Retransmit as originally sent. Otherwise you could have two very
different packets show up for the same segment. Set X1 only on packets
whose first transmission comes after option X accepted.


>> Then start sending X2 in every outgoing packet until you get
>> an ack for any X2 packet. Then stop sending the X option on any packet
>> that isn't a retransmission of one where X1 or X2 was sent.
>>
>> At the receiver end: until you receive a packet with X2, only packets
>> with X1 or X2 have option X in effect.
>
> So now you have a problem. Some packets are handled as if option X is in
> effect, and some are not. These could arrive in any order. What if the
> option has something to do with the order in which the packets are ACKd?

As I mentioned: constraint on the option in this exchange in that it
can't impact the handling of the sequence number. ACK is handling the
sequence number.

> Or the order in which they're sent to the app?

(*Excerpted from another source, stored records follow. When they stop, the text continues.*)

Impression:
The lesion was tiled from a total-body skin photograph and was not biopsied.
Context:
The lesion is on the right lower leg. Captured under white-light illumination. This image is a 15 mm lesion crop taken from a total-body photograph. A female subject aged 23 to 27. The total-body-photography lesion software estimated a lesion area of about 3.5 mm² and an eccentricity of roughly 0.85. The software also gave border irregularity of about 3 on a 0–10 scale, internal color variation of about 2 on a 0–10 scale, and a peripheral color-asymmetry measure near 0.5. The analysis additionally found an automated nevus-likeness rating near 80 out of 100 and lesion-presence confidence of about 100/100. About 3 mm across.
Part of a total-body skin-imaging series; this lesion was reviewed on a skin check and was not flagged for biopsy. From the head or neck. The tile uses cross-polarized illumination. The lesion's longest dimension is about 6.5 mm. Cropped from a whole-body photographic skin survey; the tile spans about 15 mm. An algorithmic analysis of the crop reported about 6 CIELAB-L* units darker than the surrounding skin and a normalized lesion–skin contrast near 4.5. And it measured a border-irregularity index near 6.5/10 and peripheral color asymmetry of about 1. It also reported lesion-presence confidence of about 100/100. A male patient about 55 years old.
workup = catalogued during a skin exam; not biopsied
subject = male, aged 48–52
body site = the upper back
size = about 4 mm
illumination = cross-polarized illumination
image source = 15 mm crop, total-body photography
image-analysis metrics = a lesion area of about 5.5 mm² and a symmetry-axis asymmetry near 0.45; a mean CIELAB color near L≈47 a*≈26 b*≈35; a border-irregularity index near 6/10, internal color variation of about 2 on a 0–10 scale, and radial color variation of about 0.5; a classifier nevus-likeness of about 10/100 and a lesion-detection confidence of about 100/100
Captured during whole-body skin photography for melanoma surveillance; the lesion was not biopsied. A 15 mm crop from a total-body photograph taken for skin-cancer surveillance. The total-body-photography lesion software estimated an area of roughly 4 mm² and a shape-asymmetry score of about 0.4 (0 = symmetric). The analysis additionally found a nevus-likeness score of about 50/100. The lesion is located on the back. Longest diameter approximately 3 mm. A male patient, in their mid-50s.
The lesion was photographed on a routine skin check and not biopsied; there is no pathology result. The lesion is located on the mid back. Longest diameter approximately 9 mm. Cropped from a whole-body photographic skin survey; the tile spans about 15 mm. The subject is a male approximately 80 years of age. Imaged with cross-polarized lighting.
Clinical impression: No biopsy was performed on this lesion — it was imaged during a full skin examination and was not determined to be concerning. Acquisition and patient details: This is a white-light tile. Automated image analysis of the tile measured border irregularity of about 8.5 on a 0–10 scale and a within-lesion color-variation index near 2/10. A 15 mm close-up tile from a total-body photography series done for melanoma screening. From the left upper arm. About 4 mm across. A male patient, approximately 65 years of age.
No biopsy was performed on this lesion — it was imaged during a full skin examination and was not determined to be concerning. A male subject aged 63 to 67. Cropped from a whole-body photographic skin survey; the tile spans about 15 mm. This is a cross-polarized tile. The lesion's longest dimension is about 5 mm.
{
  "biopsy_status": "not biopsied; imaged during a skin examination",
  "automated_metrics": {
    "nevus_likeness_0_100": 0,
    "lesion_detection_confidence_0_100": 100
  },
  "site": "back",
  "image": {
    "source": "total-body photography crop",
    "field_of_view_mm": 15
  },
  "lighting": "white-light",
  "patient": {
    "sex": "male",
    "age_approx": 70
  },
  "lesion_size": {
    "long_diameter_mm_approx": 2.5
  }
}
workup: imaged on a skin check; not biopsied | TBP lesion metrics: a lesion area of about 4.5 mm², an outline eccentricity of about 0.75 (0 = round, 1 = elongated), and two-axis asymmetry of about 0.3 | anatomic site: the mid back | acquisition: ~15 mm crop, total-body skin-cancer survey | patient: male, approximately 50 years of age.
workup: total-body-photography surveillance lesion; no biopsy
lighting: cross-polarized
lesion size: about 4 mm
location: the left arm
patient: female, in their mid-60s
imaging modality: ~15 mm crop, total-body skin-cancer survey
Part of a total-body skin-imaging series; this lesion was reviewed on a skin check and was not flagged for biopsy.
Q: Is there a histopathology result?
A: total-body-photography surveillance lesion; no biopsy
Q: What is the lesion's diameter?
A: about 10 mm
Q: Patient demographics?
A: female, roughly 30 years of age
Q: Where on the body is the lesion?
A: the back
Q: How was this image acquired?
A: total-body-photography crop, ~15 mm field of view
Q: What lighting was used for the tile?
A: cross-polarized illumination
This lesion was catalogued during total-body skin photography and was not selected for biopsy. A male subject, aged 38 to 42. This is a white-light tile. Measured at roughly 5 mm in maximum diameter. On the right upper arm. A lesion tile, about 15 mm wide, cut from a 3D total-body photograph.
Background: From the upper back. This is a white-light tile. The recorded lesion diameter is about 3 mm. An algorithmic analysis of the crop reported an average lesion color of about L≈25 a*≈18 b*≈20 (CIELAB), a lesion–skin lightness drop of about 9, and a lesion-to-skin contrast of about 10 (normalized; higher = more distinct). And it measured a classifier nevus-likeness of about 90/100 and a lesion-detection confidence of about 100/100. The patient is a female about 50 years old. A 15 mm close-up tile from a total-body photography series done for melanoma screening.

You mean like URG data? I'm surprised URG hasn't been deprecated given
the inconsistent implementations.

So, I gather we'd have to add a constraint that the use of URG or
reordering options is incompatible with the use of a
post-syn-negotiated stateful option.

Otherwise, there's no ordering problem, right? The stack delivers data
to the app in order by sequence number and will have made all the data
in segments before the first X1 available to the app before the sender
sends the first X2.


>> After you see any packet with
>> X2, all subsequent packets have option X in effect regardless of the
>> presence of X1 or X2.
>
> Not packets sent before X was set at the source.

Excepting any late arriving duplicates (where the data will be
discarded), there's no way for the receiver to get a packet that was
sent before X was set at the source. The source confirmed that by
switching to setting X2 only after everything up to and including the
first X1 packet was acked.


>> On the other hand, if option X has some other intrinsic value (such
>> has holding the multipath TCP connection ID for middleboxes to decode)
>> then you can just keep sending it in every packet which uses it for
>> the remainder of the connection instead of the fancy handshake.
>
> Options can add asynchronous information - which is how they're used
> now. They simply cannot add synchronized info - which is why they can't
> be used to negotiate new options - AFAICT.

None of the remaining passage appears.